IF 4.1 2区 医学 Q1 RADIOLOGY, NUCLEAR MEDICINE & MEDICAL IMAGING Pub Date : 2024-10-16 DOI: 10.1186/s13244-024-01827-0
Bernhard Föllmer, Sotirios Tsogias, Federico Biavati, Kenrick Schulze, Maria Bosserdt, Lars Gerrit Hövermann, Sebastian Stober, Wojciech Samek, Klaus F Kofoed, Pál Maurovich-Horvat, Patrick Donnelly, Theodora Benedek, Michelle C Williams, Marc Dewey

Objectives: To develop and evaluate a multi-task deep-learning (DL) model for automated segment-level coronary artery calcium (CAC) scoring on non-contrast computed tomography (CT) for precise localization and quantification of calcifications in the coronary artery tree.

Methods: This study included 1514 patients (mean age, 60.0 ± 10.2 years; 56.0% female) with stable chest pain from 26 centers participating in the multicenter DISCHARGE trial (NCT02400229). The patients were randomly assigned to a training/validation set (1059) and a test set (455). We developed a multi-task neural network for performing the segmentation of calcifications on the segment level as the main task and the segmentation of coronary artery segment regions with weak annotations as an auxiliary task. Model performance was evaluated using (micro-average) sensitivity, specificity, F1-score, and weighted Cohen's κ for segment-level agreement based on the Agatston score and performing interobserver variability analysis.

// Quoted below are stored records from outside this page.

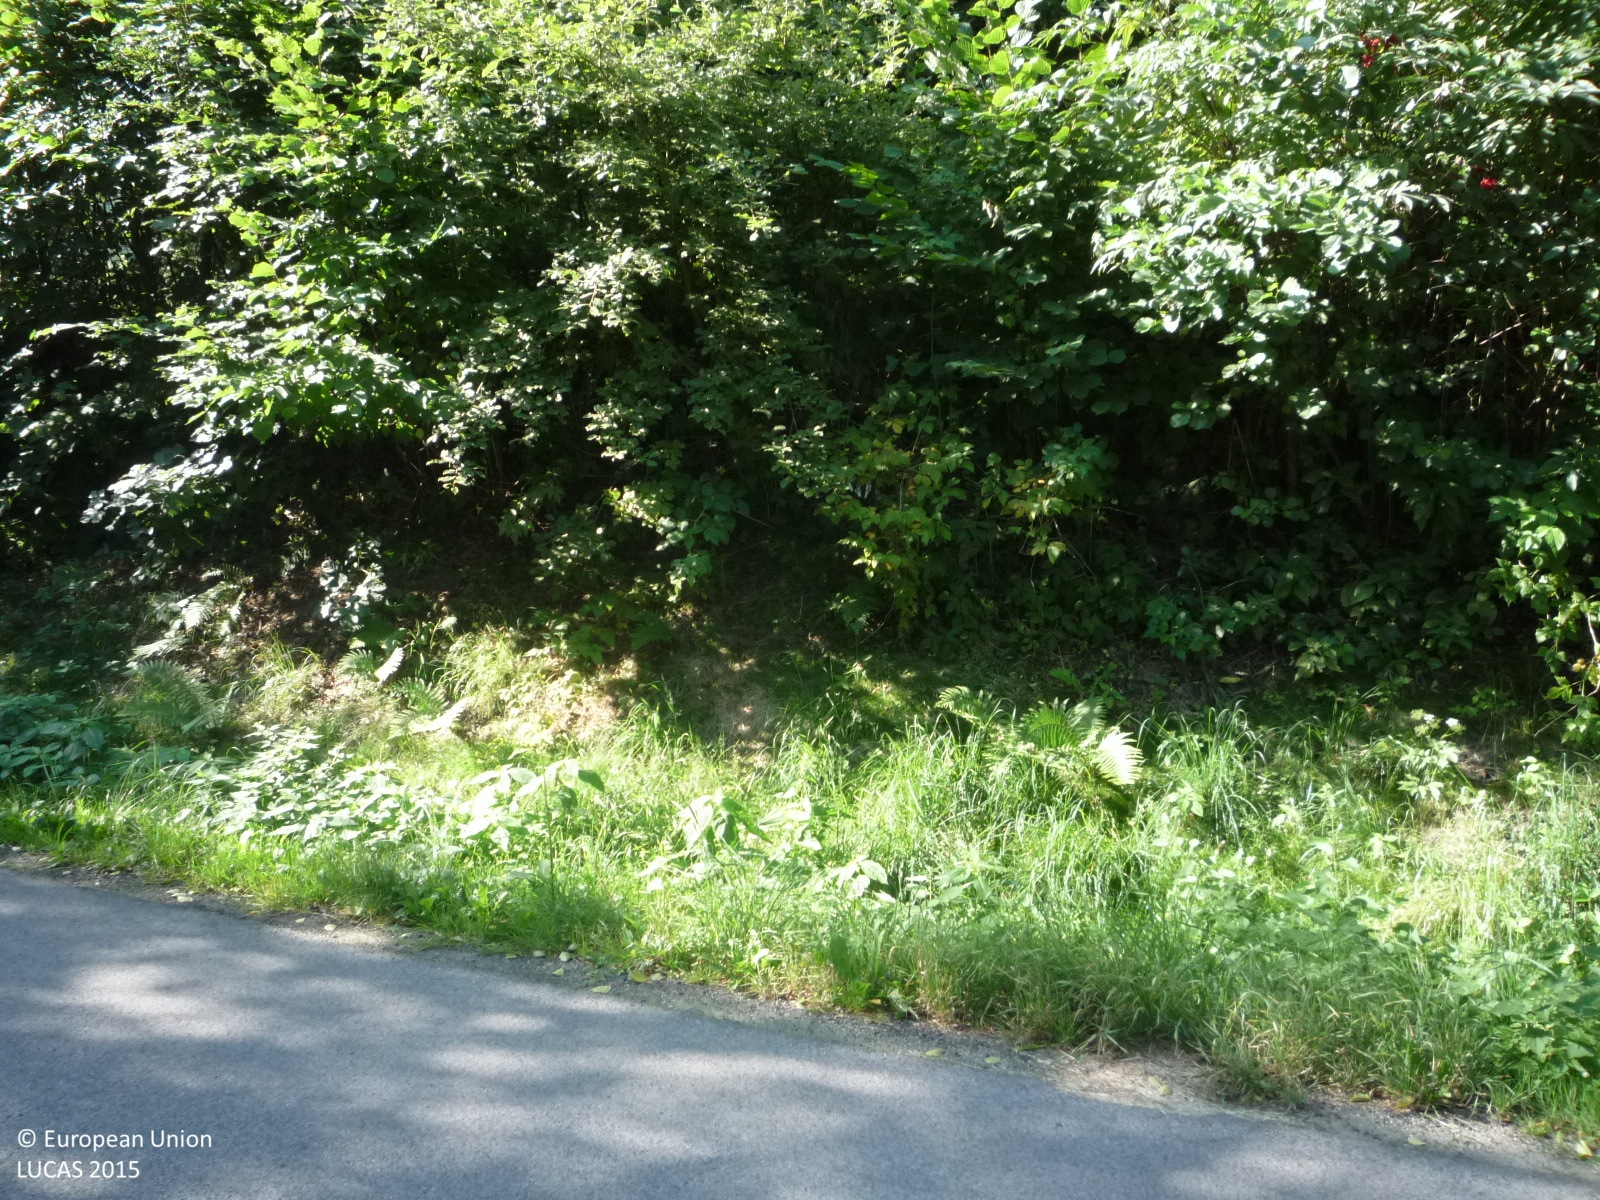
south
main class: Woodland
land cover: Broadleaved woodland
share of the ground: > 75 %
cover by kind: broadleaved forest trees 85 %, herbaceous plants 10 %, shrubs 5 %
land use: Semi-natural and natural areas not in use
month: August
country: CZ
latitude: 50.6221
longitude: 15.2475
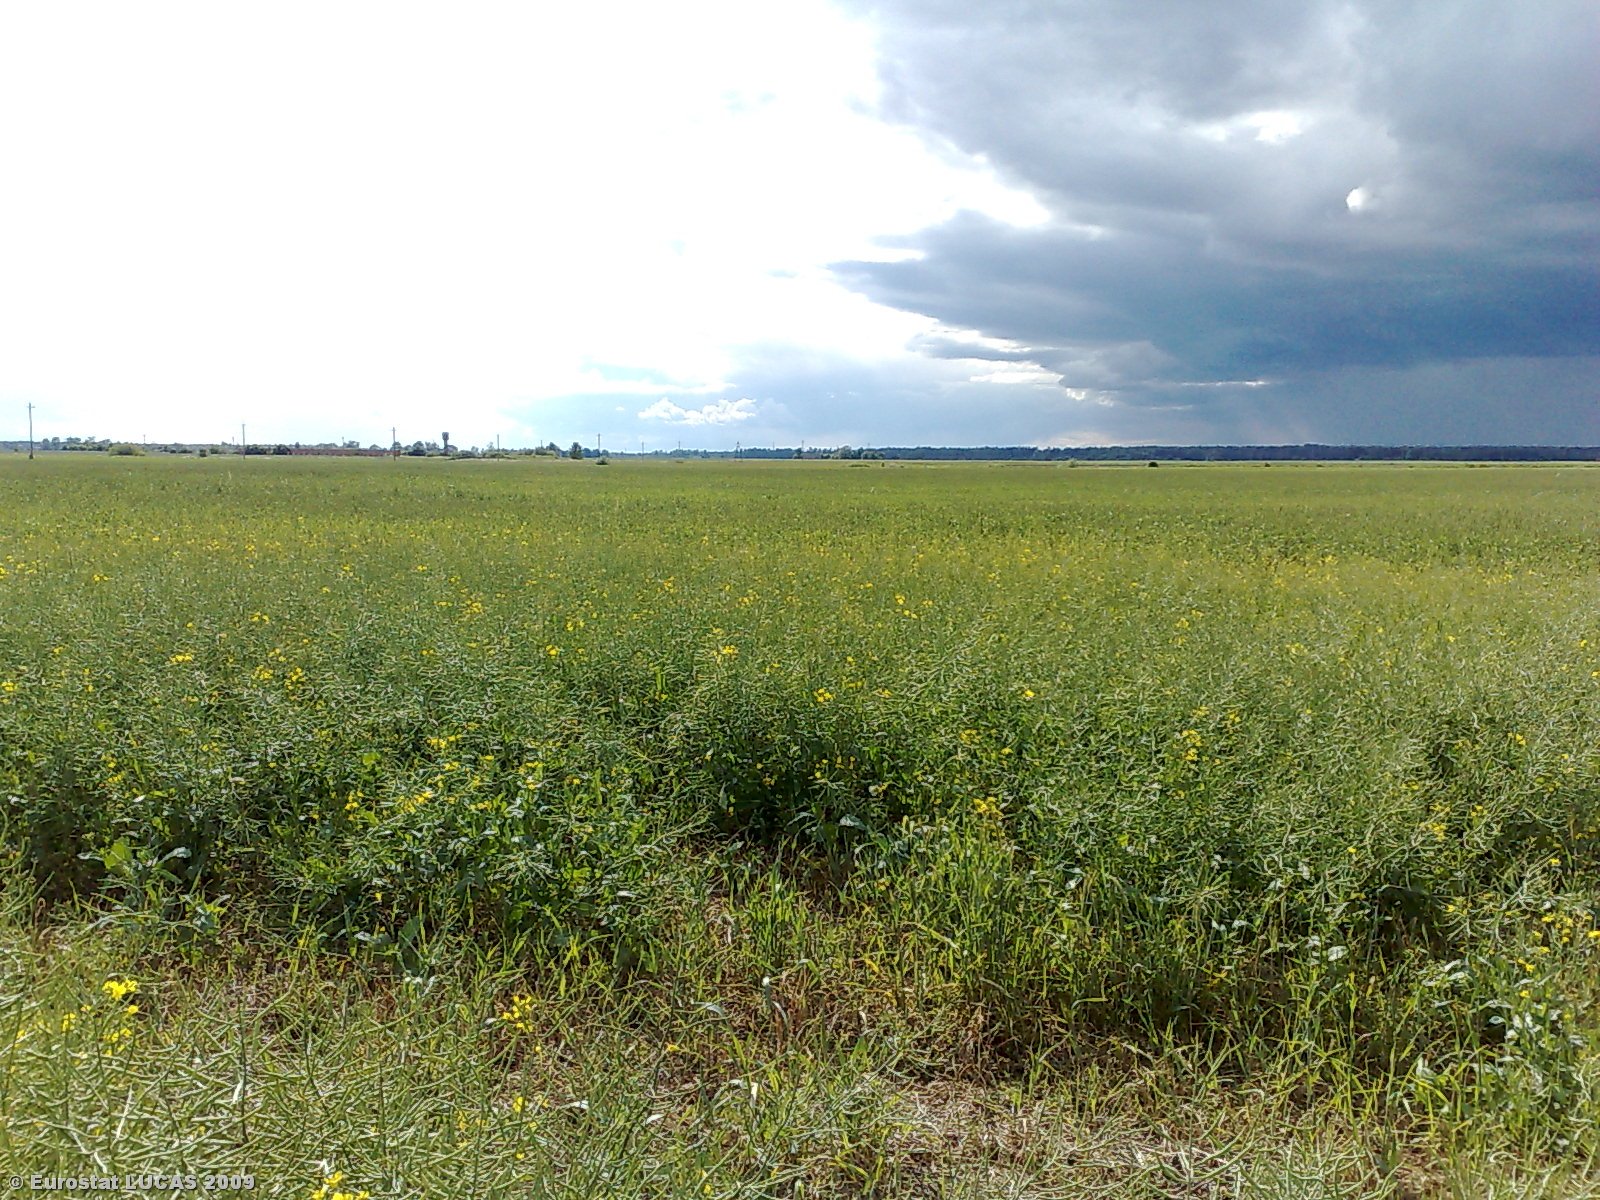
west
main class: Cropland
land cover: Rape and turnip rape
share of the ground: > 75 %
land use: Agriculture (excluding fallow land and kitchen gardens)
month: June
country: LT
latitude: 56.0116
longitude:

Results: In the test set of 455 patients with 1797 calcifications, the model assigned 73.2% (1316/1797) to the correct coronary artery segment. The model achieved a micro-average sensitivity of 0.732 (95% CI: 0.710-0.754), a micro-average specificity of 0.978 (95% CI: 0.976-0.980), and a micro-average F1-score of 0.717 (95% CI: 0.695-0.739). The segment-level agreement was good with a weighted Cohen's κ of 0.808 (95% CI: 0.790-0.824), which was only slightly lower than the agreement between the first and second observer (0.809 (95% CI: 0.798-0.845)).

Conclusion: Automated segment-level CAC scoring using a multi-task neural network approach showed good agreement on the segment level, indicating that DL has the potential for automated coronary artery calcification classification.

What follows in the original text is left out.